_INPUT DATA_:
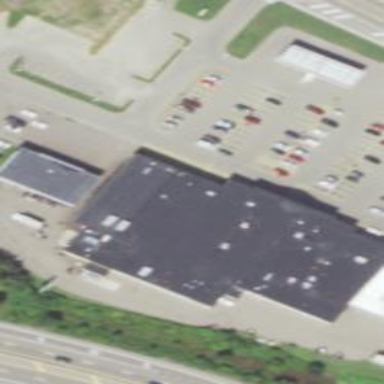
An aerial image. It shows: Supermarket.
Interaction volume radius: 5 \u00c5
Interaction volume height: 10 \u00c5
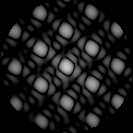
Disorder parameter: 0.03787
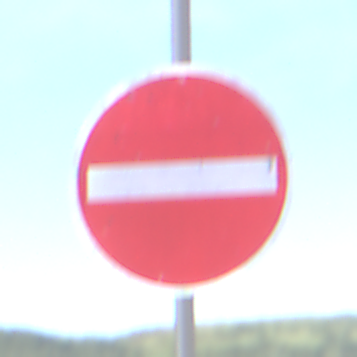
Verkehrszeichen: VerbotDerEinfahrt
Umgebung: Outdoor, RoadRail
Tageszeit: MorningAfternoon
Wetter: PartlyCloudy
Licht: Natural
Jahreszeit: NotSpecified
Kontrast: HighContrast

_WHAT YOU NEED TO DO_:
Copy everything in the listing above exactly except the pictures.

_EXERCISE OUTPUT_:
An aerial image. It shows: Supermarket.
Interaction volume radius: 5 \u00c5
Interaction volume height: 10 \u00c5
Disorder parameter: 0.03787
Verkehrszeichen: VerbotDerEinfahrt
Umgebung: Outdoor, RoadRail
Tageszeit: MorningAfternoon
Wetter: PartlyCloudy
Licht: Natural
Jahreszeit: NotSpecified
Kontrast: HighContrast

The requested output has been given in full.